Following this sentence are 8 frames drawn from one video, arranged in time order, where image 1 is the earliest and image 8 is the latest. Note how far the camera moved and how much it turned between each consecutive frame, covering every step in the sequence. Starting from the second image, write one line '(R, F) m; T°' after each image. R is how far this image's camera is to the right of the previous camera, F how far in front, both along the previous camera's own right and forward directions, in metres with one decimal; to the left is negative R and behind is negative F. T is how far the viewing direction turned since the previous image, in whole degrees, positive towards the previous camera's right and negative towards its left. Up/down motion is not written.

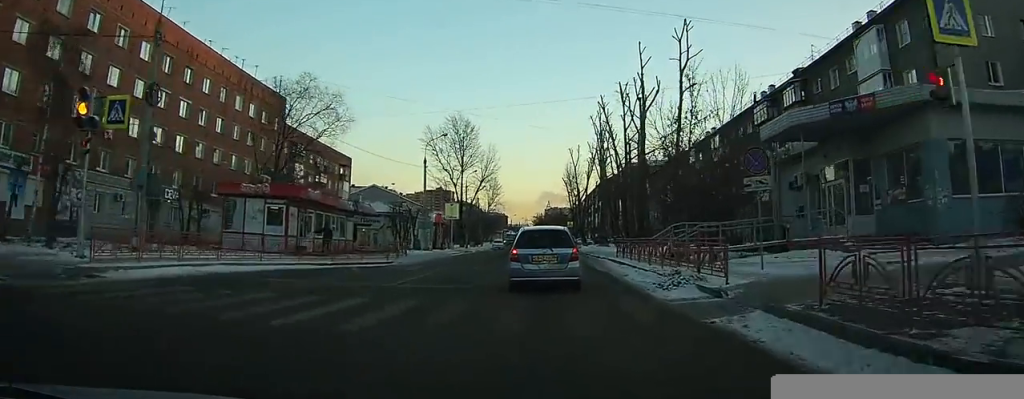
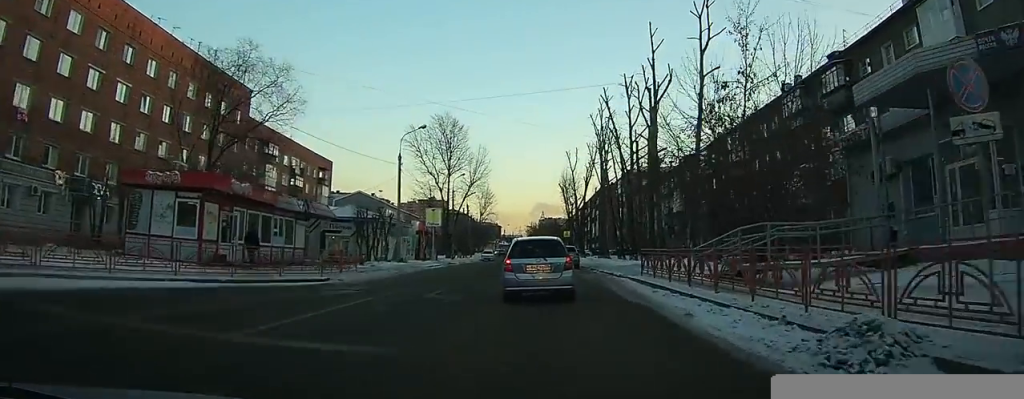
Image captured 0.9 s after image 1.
(+0.1, +8.1) m; +2°
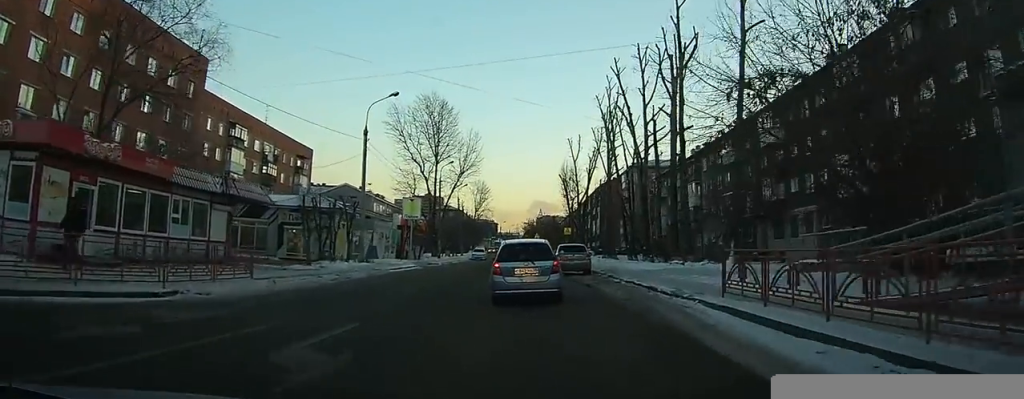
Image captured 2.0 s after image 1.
(+0.1, +9.3) m; 0°
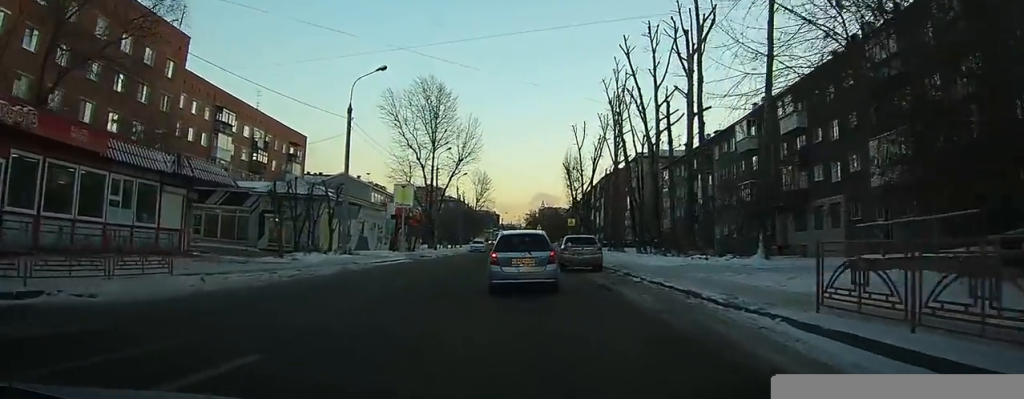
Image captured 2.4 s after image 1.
(0.0, +4.0) m; -1°
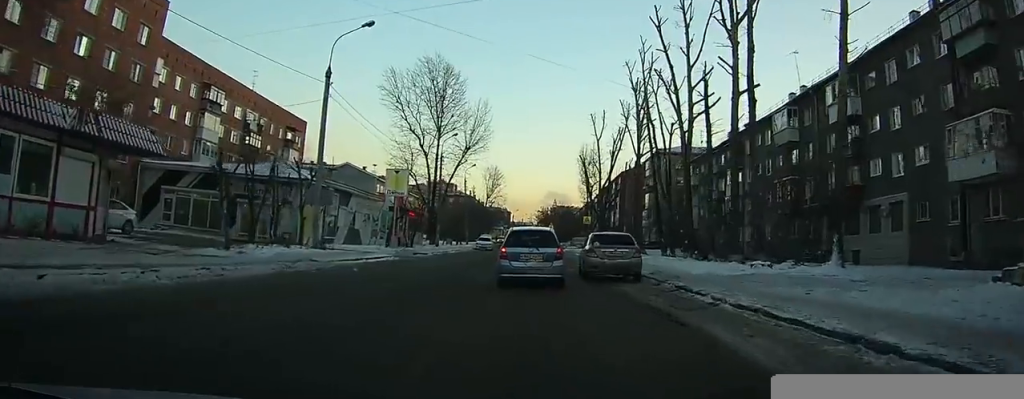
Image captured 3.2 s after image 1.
(-0.1, +6.5) m; -1°
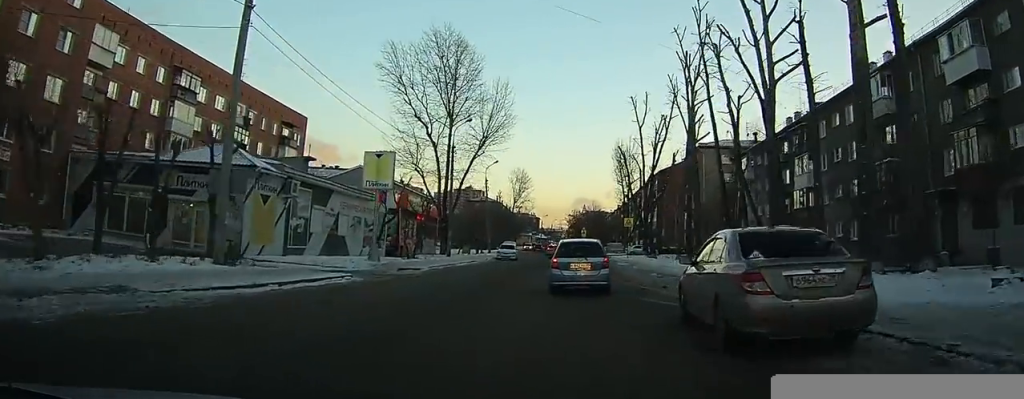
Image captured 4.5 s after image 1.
(-0.2, +11.5) m; -1°
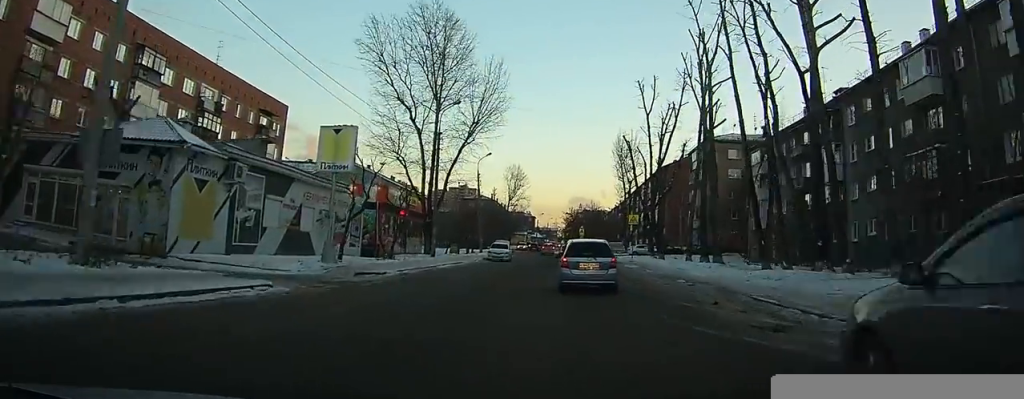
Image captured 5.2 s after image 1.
(0.0, +6.2) m; 0°
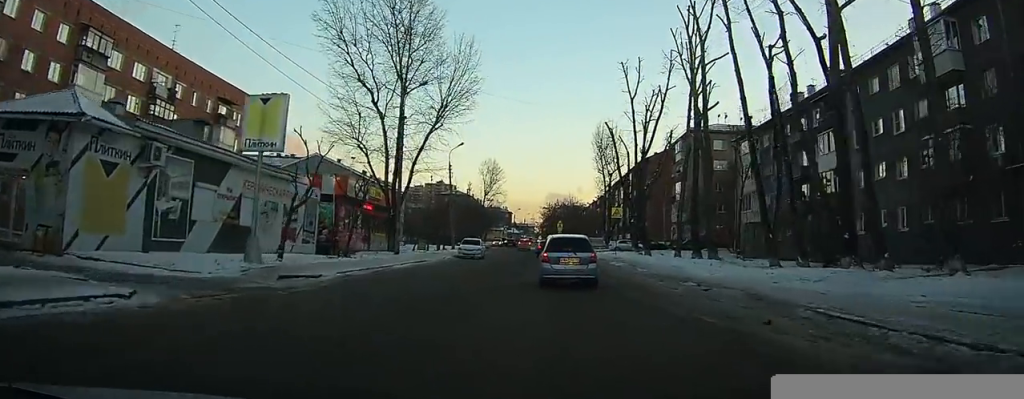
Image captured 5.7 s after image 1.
(0.0, +4.8) m; 0°
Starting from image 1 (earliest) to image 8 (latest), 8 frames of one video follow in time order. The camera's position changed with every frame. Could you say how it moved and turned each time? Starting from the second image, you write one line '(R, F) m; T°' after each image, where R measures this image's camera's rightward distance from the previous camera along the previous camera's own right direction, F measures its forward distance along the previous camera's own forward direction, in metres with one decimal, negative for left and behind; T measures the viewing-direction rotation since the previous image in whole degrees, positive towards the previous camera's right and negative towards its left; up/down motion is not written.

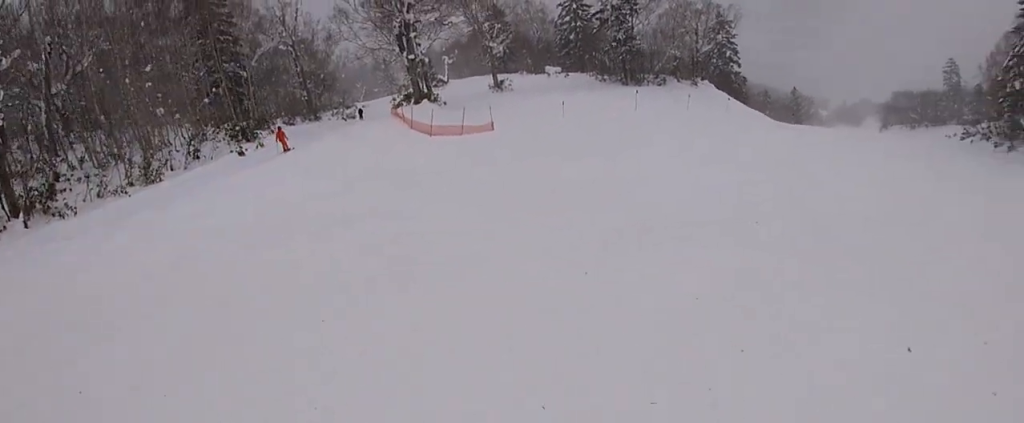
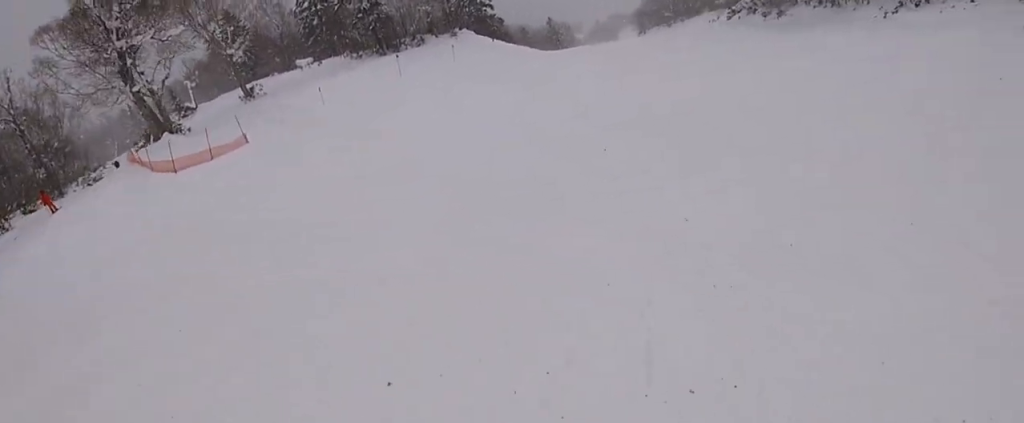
(+0.4, +3.5) m; +23°
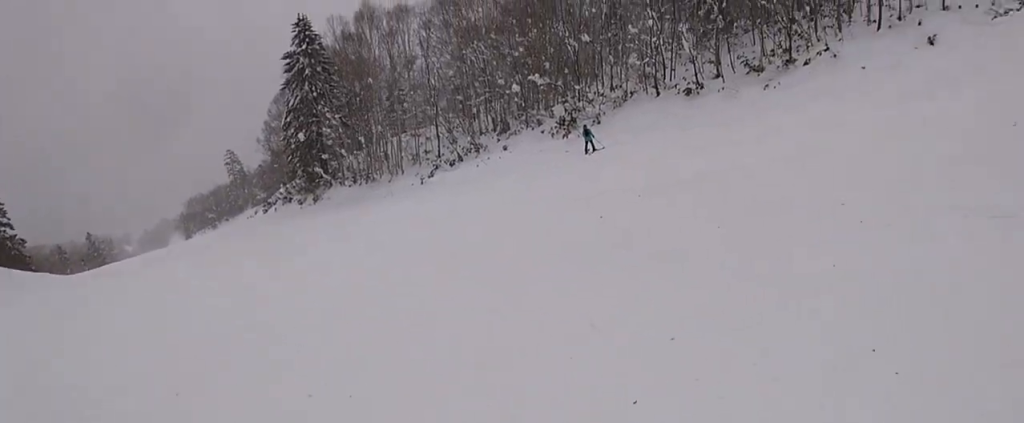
(+2.7, +6.2) m; +42°
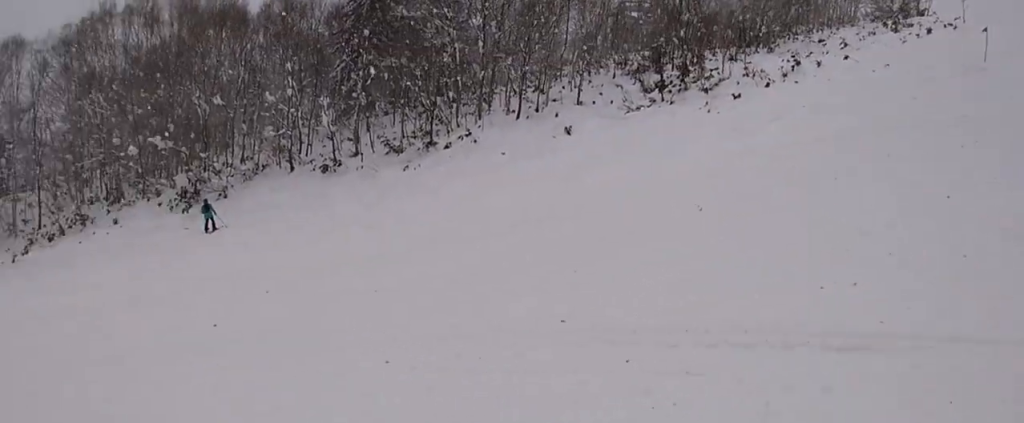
(+0.2, +2.7) m; +15°
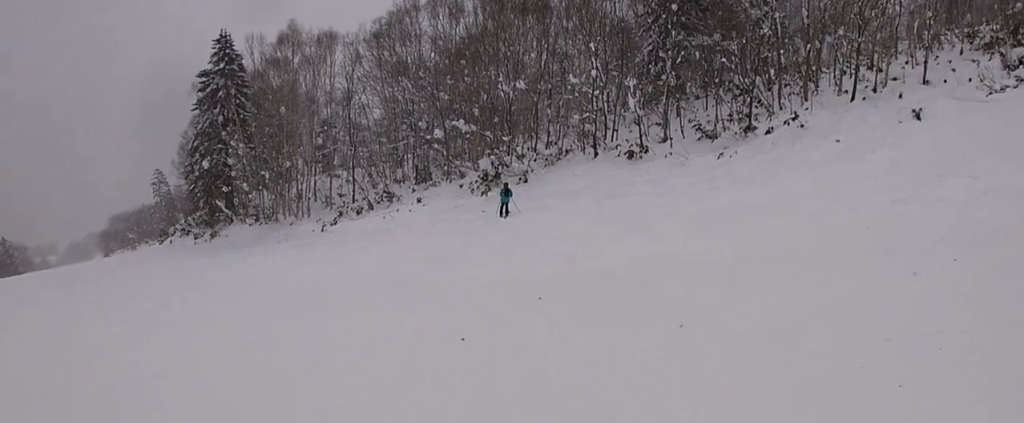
(+0.7, +2.9) m; +8°
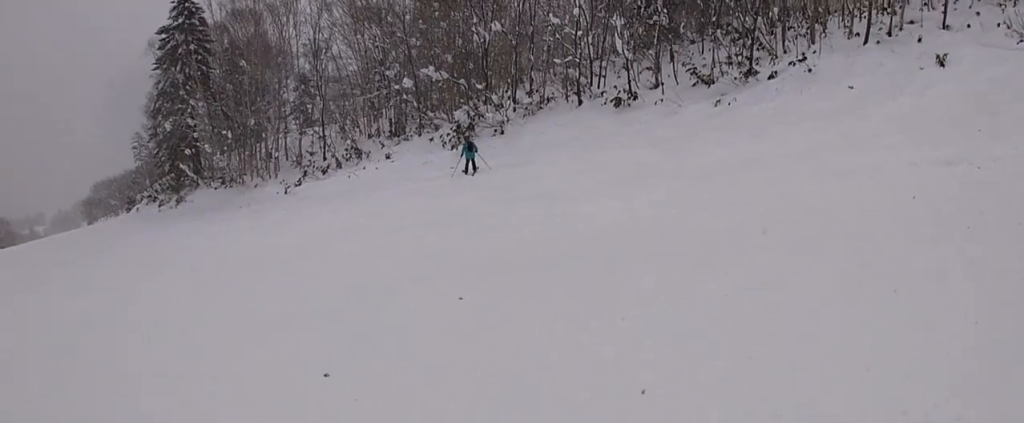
(+0.2, +3.0) m; 0°
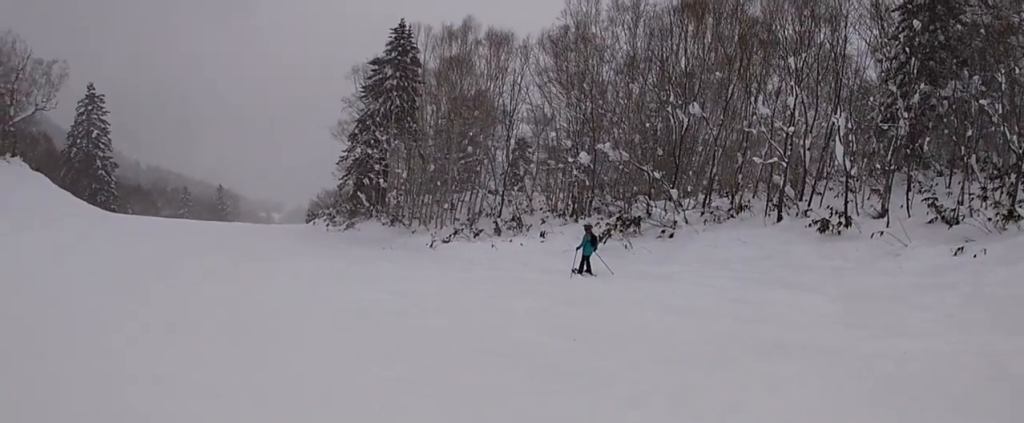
(-1.0, +6.9) m; -19°
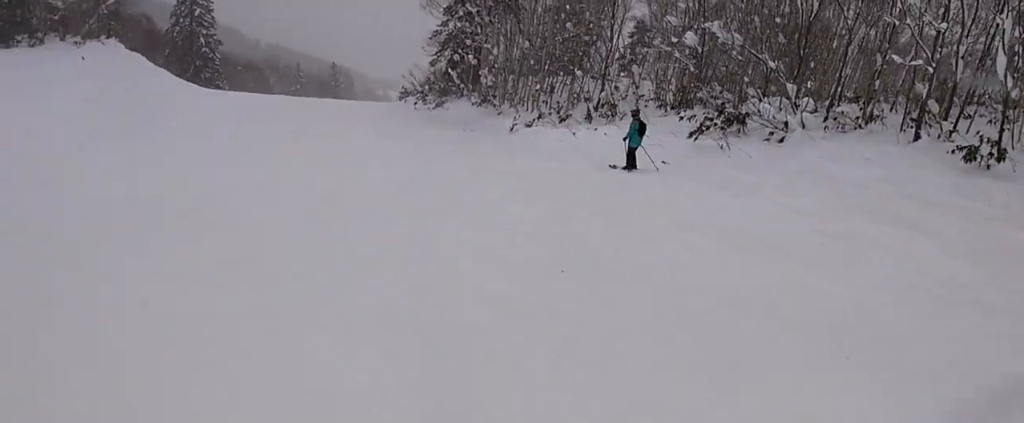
(-0.4, +3.7) m; -26°

Exercise instructions >>
Where a picture appears, omit it, and otherwise retype the material exactly.

Task answer >>
Following this sentence are 8 frames drawn from one video, arranged in time order, where image 1 is the earliest and image 8 is the latest. Note how far the camera moved and how much it turned between each consecutive frame, covering every step in the sequence. Starting from the second image, write one line '(R, F) m; T°' after each image. R is how far this image's camera is to the right of the previous camera, F how far in front, both along the previous camera's own right and forward directions, in metres with one decimal; to the left is negative R and behind is negative F. T is how far the viewing direction turned since the previous image, in whole degrees, positive towards the previous camera's right and negative towards its left. Up/down motion is not written.

Image captured 0.9 s after image 1.
(+0.1, +8.1) m; +2°
Image captured 2.0 s after image 1.
(+0.1, +9.3) m; 0°
Image captured 2.4 s after image 1.
(0.0, +4.0) m; -1°
Image captured 3.2 s after image 1.
(-0.1, +6.5) m; -1°
Image captured 4.5 s after image 1.
(-0.2, +11.5) m; -1°
Image captured 5.2 s after image 1.
(0.0, +6.2) m; 0°
Image captured 5.7 s after image 1.
(0.0, +4.8) m; 0°
Starting from image 1 (earliest) to image 8 (latest), 8 frames of one video follow in time order. The camera's position changed with every frame. Could you say how it moved and turned each time? Starting from the second image, you write one line '(R, F) m; T°' after each image, where R measures this image's camera's rightward distance from the previous camera along the previous camera's own right direction, F measures its forward distance along the previous camera's own forward direction, in metres with one decimal, negative for left and behind; T measures the viewing-direction rotation since the previous image in whole degrees, positive towards the previous camera's right and negative towards its left; up/down motion is not written.

(+0.4, +3.5) m; +23°
(+2.7, +6.2) m; +42°
(+0.2, +2.7) m; +15°
(+0.7, +2.9) m; +8°
(+0.2, +3.0) m; 0°
(-1.0, +6.9) m; -19°
(-0.4, +3.7) m; -26°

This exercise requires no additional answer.